The gastroenterologist did a work up on me including blood tests (liver and pancreatic enzymes); abdominal CT and a EGD (endoscopy). The only "abnormal" results in these tests was that I had severe gastritis. I was put on Nexium and given Librax to try for IBS. The GI had warned me that it was possible these tests could all come back normal and that I may have IBS. I did some research and was not really comfortable with an IBS diagnosis, but decided to try the medications and see if they helped.
I ended up back in the hospital at the end of September due to severe pain. I felt like I was having gallbladder/pancreatitis attacks again. All my blood work came back "normal" as did my urine tests.
My general practitioner aditted me to do some more testing - I can't tell you how many tests I had done including an MRCP to check the bile duct. Everything was "normal". I was sent home six days later with no diagnosis and a prescription for Reglan to help push food through my system faster.
When I followed up with the GI after being released (I never saw him when I was in the hospital the second time. I only saw his partners - one of whom told me there was no way I had chronic pancreatitis and that "you don't want it" when I asked if it was a possibility) he had decided that he didn't know what was wrong with me and that he was going to send me to a specialist here in Florida for testing for sphincter of oddi dysfunction. He thought that that may even be a long shot because all I had were the pain symptoms. My bile duct was not enlarged nor did I have elevated liver enzymes, but Type 3 SOD is pain only.
I finally went to the specialist on 12/23 (I had to wait three months for an appointment). He was very informative and told me that he does not think I have just one condition at this point. He ran blood work including trypsin levels and I found out Thursday that everything came back normal expect the trypsin level which means that I have pancreatic insufficiency! The nurse said that he will call me Monday and most likely start me on enzyme therpay.
I went back today for a gastric emptying study. Depending on the results of that test I may have to have a small bowel motility test done. The specialist seems to think that because I have a fair amount of bloating and nausea that I may have a problem with how food is processed through my system.
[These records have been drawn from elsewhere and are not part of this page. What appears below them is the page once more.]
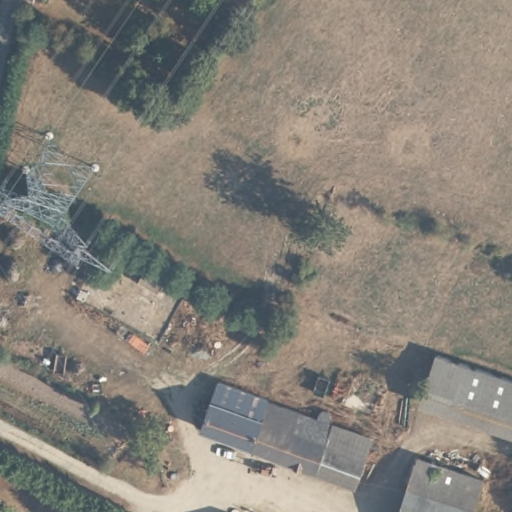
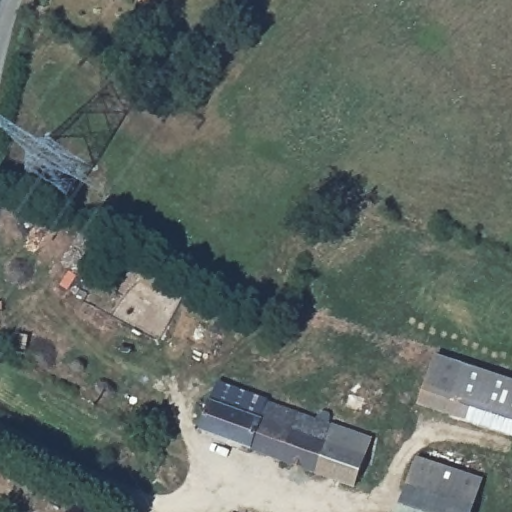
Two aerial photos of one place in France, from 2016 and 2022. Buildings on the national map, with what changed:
unchanged [(512,434),(417,402),(435,349),(512,374),(512,434)]
unchanged [(358,461),(350,477),(200,421),(219,374),(246,384),(315,411),(319,403),(331,408),(327,417),(371,432),(358,461)]
unchanged [(424,451),(487,480),(473,511),(411,483),(424,451)]
unchanged [(472,512),(398,512),(411,483),(473,511),(472,512)]
unchanged [(244,512),(231,512),(235,506),(244,512)]

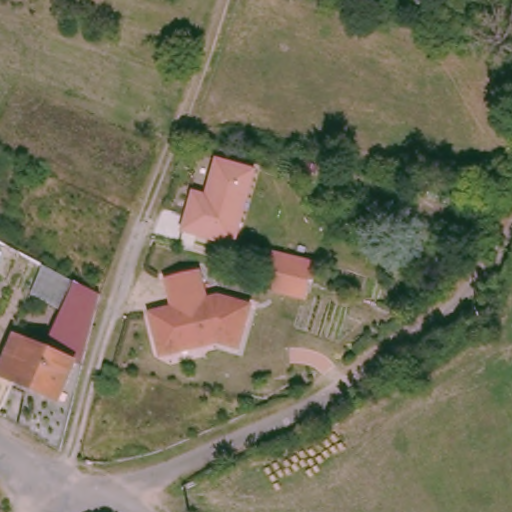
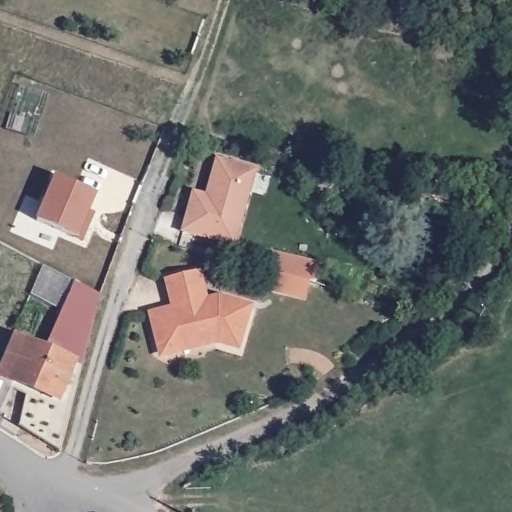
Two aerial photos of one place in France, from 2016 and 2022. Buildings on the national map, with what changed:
unchanged [(218,160),(257,172),(247,203),(208,193),(218,160)]
new [(37,220),(55,177),(97,195),(79,238),(37,220)]
unchanged [(183,230),(195,192),(207,196),(208,193),(247,203),(234,245),(183,230)]
unchanged [(331,269),(325,286),(297,277),(277,270),(282,254),(331,269)]
unchanged [(76,284),(62,313),(30,299),(44,268),(76,284)]
unchanged [(153,309),(172,306),(167,276),(200,270),(205,300),(217,298),(249,309),(235,351),(214,344),(203,345),(202,341),(155,349),(152,332),(157,331),(153,309)]
unchanged [(30,391),(17,385),(1,418),(0,418),(0,371),(15,335),(47,348),(62,313),(76,284),(102,298),(83,363),(83,366),(72,408),(72,409),(57,403),(30,391)]

If those tests come out "normal" he is going to go ahead and test me for sphincter of oddi dysfunction. He wants to hold off on that tests because of the possible side effect of pancreatitis and the fact that I am one of the people with the highest risk factor of developing pancreatitis from the test. The other tests are less invasive and he wants to rule out those conditions before moving forward.
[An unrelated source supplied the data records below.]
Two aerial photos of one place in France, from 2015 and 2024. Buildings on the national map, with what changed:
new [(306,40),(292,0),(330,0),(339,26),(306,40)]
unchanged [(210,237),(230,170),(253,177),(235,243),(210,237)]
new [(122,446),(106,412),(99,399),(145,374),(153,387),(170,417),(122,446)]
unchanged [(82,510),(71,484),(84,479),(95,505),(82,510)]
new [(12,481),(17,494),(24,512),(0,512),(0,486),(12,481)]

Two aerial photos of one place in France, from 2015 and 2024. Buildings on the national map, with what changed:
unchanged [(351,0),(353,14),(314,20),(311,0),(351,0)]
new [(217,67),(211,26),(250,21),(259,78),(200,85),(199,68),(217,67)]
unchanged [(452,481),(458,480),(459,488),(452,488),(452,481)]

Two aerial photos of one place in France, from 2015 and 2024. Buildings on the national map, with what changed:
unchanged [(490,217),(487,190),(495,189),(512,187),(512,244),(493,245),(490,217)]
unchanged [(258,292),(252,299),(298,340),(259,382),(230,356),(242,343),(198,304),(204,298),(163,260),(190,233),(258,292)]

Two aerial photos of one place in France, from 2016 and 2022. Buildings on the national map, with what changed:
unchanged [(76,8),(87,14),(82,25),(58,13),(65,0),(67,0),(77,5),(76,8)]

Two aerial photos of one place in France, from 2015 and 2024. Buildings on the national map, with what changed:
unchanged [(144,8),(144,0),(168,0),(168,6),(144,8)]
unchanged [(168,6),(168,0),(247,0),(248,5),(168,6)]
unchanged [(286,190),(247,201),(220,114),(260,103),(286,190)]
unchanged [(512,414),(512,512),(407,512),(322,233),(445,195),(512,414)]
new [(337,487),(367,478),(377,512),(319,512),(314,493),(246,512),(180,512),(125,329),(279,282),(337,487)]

I have to say that I have been having attacks since March 2002 (9 months now) and I finally am seeing some light at the end of the tunnel as far as what may be wrong with me. I went into gallbladder surgery thinking nothing of it. Never expected to come out with a nicked artery and still having pain.
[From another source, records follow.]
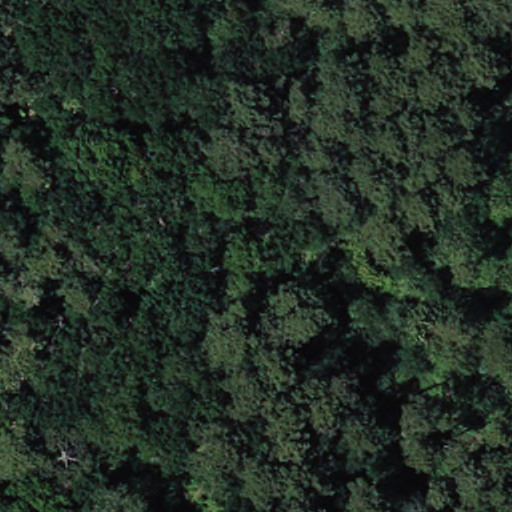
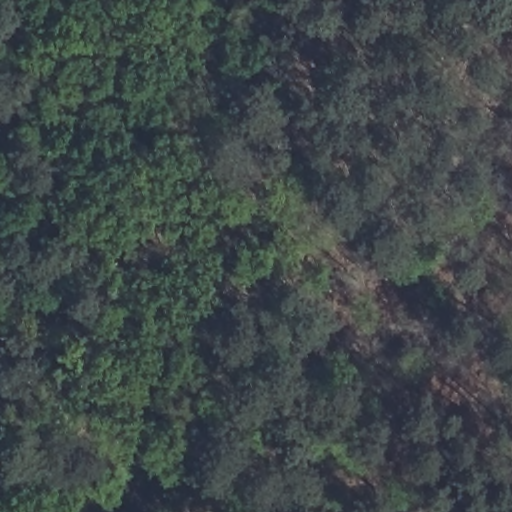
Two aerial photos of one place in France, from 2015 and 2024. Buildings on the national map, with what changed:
[]

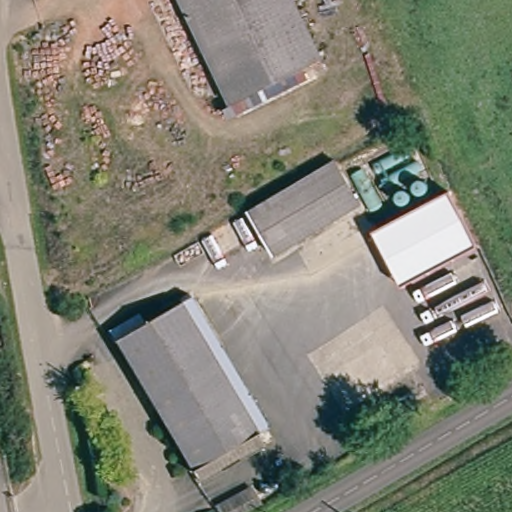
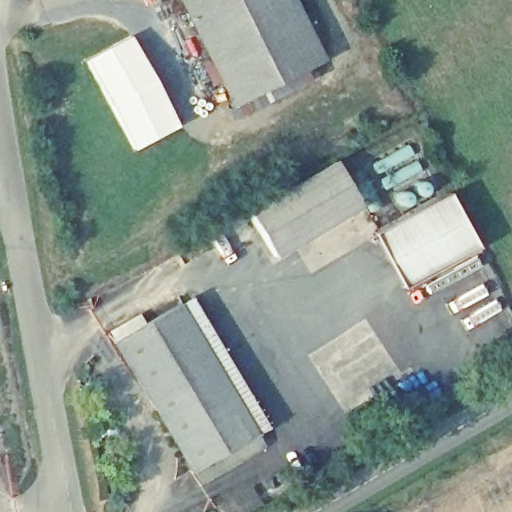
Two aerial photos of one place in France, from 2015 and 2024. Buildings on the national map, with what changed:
unchanged [(326,54),(236,100),(184,0),(298,0),(326,54)]
new [(130,34),(179,126),(131,151),(82,60),(130,34)]
unchanged [(278,258),(265,235),(255,219),(252,214),(339,162),(365,207),(278,258)]
unchanged [(462,229),(402,259),(389,232),(450,203),(462,229)]
unchanged [(263,432),(194,467),(126,337),(195,301),(263,432)]
unchanged [(401,405),(378,417),(371,405),(393,392),(401,405)]

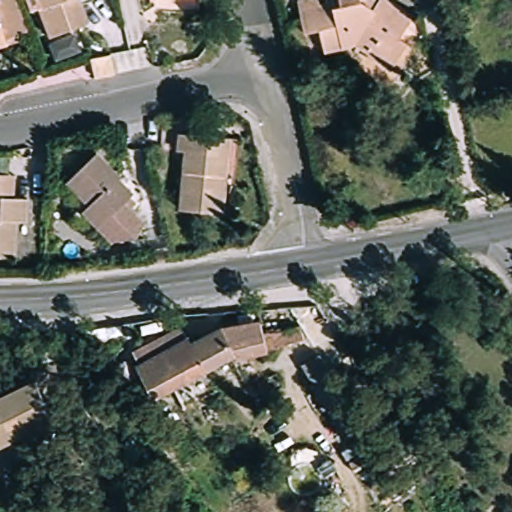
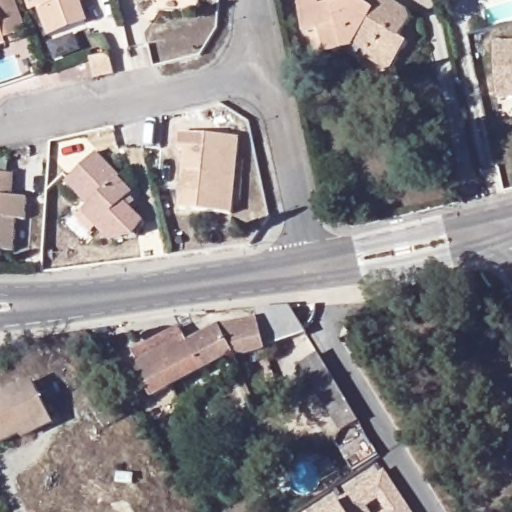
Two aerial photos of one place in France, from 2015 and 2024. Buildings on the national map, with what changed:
unchanged [(86,30),(49,45),(36,10),(29,13),(23,0),(89,0),(79,4),(86,30)]
unchanged [(332,55),(327,55),(321,31),(306,35),(299,0),(321,0),(323,12),(336,10),(334,0),(363,0),(365,7),(384,4),(415,24),(402,44),(411,50),(393,75),(370,61),(372,58),(358,47),(332,55)]
unchanged [(0,51),(0,10),(10,49),(0,51)]
new [(512,42),(512,98),(497,99),(492,44),(512,42)]
unchanged [(90,60),(110,55),(114,75),(95,79),(90,60)]
unchanged [(221,213),(179,210),(180,187),(184,187),(186,173),(181,172),(183,150),(177,150),(178,133),(227,136),(224,175),(223,191),(221,213)]
unchanged [(120,181),(117,184),(133,197),(124,207),(144,226),(139,242),(113,246),(83,217),(89,210),(67,187),(96,159),(120,181)]
unchanged [(0,191),(0,175),(9,175),(8,191),(0,191)]
unchanged [(25,221),(16,221),(15,252),(0,252),(0,198),(25,199),(25,221)]
unchanged [(265,316),(267,328),(305,321),(308,334),(248,351),(236,350),(159,391),(137,350),(186,324),(194,340),(224,326),(224,322),(265,316)]
unchanged [(347,427),(318,376),(307,358),(325,349),(365,417),(347,427)]
unchanged [(22,434),(0,444),(0,398),(35,382),(51,416),(55,425),(25,439),(22,434)]
unchanged [(117,397),(92,411),(83,397),(108,382),(117,397)]
new [(339,501),(385,470),(412,512),(386,512),(387,511),(379,500),(367,508),(370,512),(322,512),(339,501)]

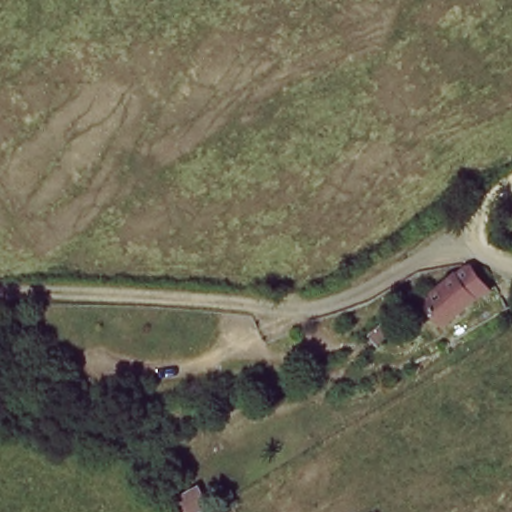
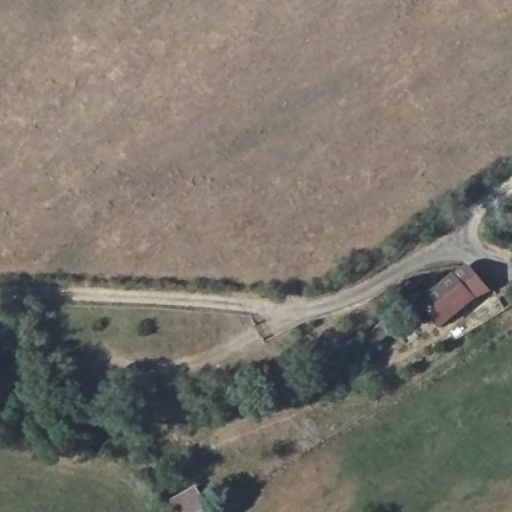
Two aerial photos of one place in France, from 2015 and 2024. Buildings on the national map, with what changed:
unchanged [(494,288),(442,328),(420,300),(473,260),(494,288)]

My suggestion to you would be to find a doctor who is willing to listen to your pain complaints and if he/she is unable to diagnose it be willing to admit it and send you to a specialist. From what I have heard from people and from what I have read on the internet there are ususally good specialists and "teaching" hospitals that are connected to Universities. The hospital I go to connected to the University of Florida and from what I have heard and read is the best place to be. They are beginning to convince me of that. When no one else could find answers they seem to be chipping away at them slowly but surely.
I was surfing the web and came across your plight and I looked under bile on the web. The reason I was surfing is that my niece is having some problems with a gall bladder infection. When I got to your page I tought to look under bile. That's when I came to the cancer information network. There it talks about bile duct cancer. Remember the Doctors who removed the gall bladder weren't looking for cancer necessarily. Now the only thing left is the bile duct which is sill, or now cancerous.